The problem is that the 'glitch' makes as much sense as the Italian Space Agency's story a few days ago.
And there is a very good reason for that. We have no insight into the EDL software design used by the ESA designers and programmers
As an RTOS programmer for decades (VxWorks, also used by MER, Pathfinder, Odyssey, etc) , sanity checks are part of the landscape.
For example: when the craft is at an altitude of 4 Km and in the next second it thinks it is 'on the ground', one of the background sanity checks would have said 'we just accelerated to 14 Million KM/hr -- ignore the readings, wait until they get back in 'range', and do it again.
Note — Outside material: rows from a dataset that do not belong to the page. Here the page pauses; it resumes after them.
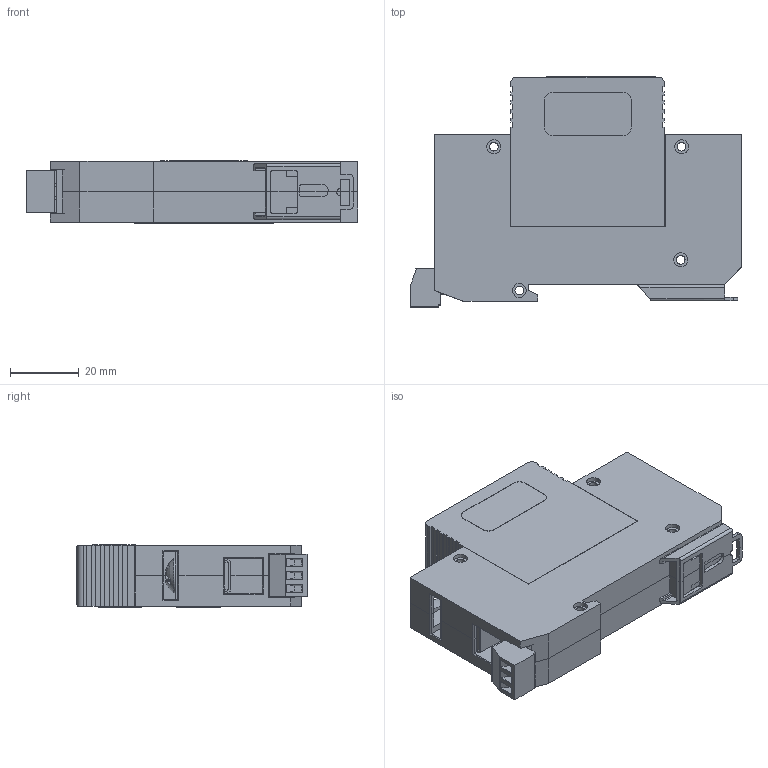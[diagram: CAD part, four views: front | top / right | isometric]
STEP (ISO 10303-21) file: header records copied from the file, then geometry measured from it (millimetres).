
FILE_DESCRIPTION (( 'STEP AP214' ), '1' );
FILE_NAME ('1104-15-020-E.STEP', '2019-01-09T17:24:58', ( '' ), ( '' ), 'SwSTEP 2.0', 'SolidWorks 2018', '' );
FILE_SCHEMA (( 'AUTOMOTIVE_DESIGN' ));
Length unit declared in the file: inch
Products named in the file (8): 1102-014-38_top; 1102-014-38_connector; 2003-4075_Blank; 2003-1052; 2003-4064; 1102-014-38; 1104-15-020-L; 1104-15-020-E
Assembly tree (7 placements, depth 2):
  1104-15-020-E
    1102-014-38
    1102-014-38_connector
    1102-014-38_top
    1104-15-020-L
    2003-1052
    2003-4064
    2003-4075_Blank
Bounding box: 96.89 x 67.16 x 18.16 mm (x, y, z)
Volume: 76112.7 mm3; surface area: 39337.6 mm2
Topology: 33 solids, 33 shells, 2298 faces, 6102 edges, 4048 vertices
Faces by surface type: plane 1610, bspline 539, cylinder 135, torus 6, cone 6, sphere 2
Entity records: 121694 total; most frequent: CARTESIAN_POINT 43914, ORIENTED_EDGE 12196, DIRECTION 8830, EDGE_CURVE 6098, LINE 4642, VECTOR 4642, VERTEX_POINT 4046, EDGE_LOOP 2516
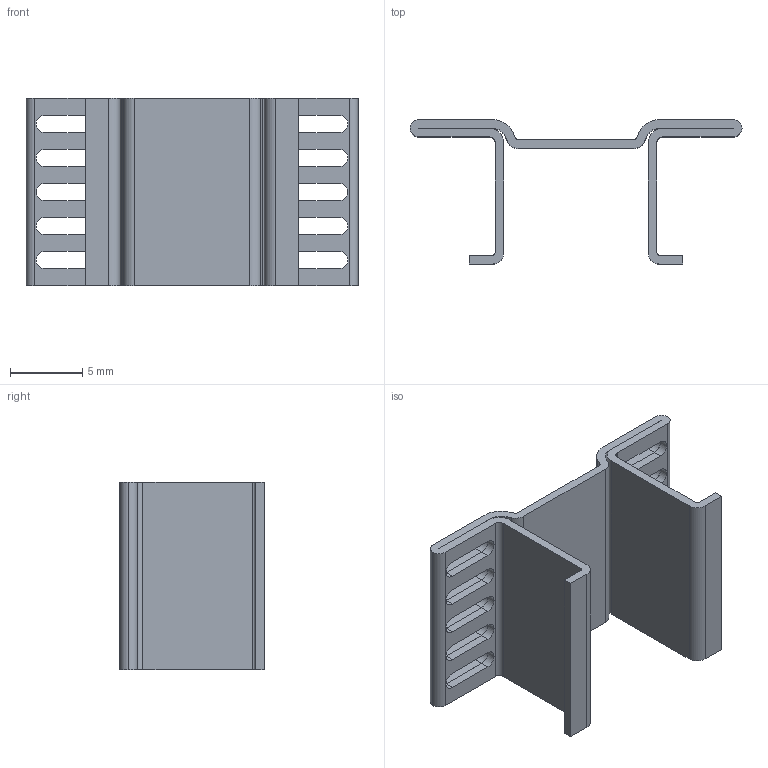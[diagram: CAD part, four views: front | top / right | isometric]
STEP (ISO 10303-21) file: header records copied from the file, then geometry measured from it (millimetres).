
FILE_DESCRIPTION (( 'STEP AP214' ), '1' );
FILE_NAME ('FK 244 13 D PAK TR.STEP', '2025-02-13T17:35:00', ( '' ), ( '' ), 'SwSTEP 2.0', 'SolidWorks 2024', '' );
FILE_SCHEMA (( 'AUTOMOTIVE_DESIGN' ));
Length unit declared in the file: millimetre
Products named in the file (1): FK 244 13 D PAK TR
Bounding box: 23 x 10 x 13 mm (x, y, z)
Volume: 379.9 mm3; surface area: 1480.1 mm2
Topology: 1 solids, 1 shells, 128 faces, 378 edges, 252 vertices
Faces by surface type: plane 66, cylinder 62
Entity records: 4409 total; most frequent: DIRECTION 760, CARTESIAN_POINT 759, ORIENTED_EDGE 756, EDGE_CURVE 378, LINE 254, VECTOR 254, AXIS2_PLACEMENT_3D 253, VERTEX_POINT 252

If the controller is taking 50 readings per second, you might say something like: check the next 100 readings to see if they come into range.... ELSE do something different - like maybe rely on a nominal 'EDL Timeline' to do things in sequence for a while, if you are temporarily instrument blind.
Controlling machinery in real-time is very tricky but it also a 'well-plowed' field of study. Controlling a speeding craft during a Mars EDL has to be one of the most demanding situations (you travel very far in a few seconds) and so it requires a robust, well-designed, autonomous controller operating in Real Time
I believe the IMU used on Schiaparelli is the Northrop Grumman LN-200S (S for space) -- see the link below for a PDF of specs.
It looks pretty hard to get this device into delta-theta saturation (laser-gyros) and/or delta-v saturation (accelerometers)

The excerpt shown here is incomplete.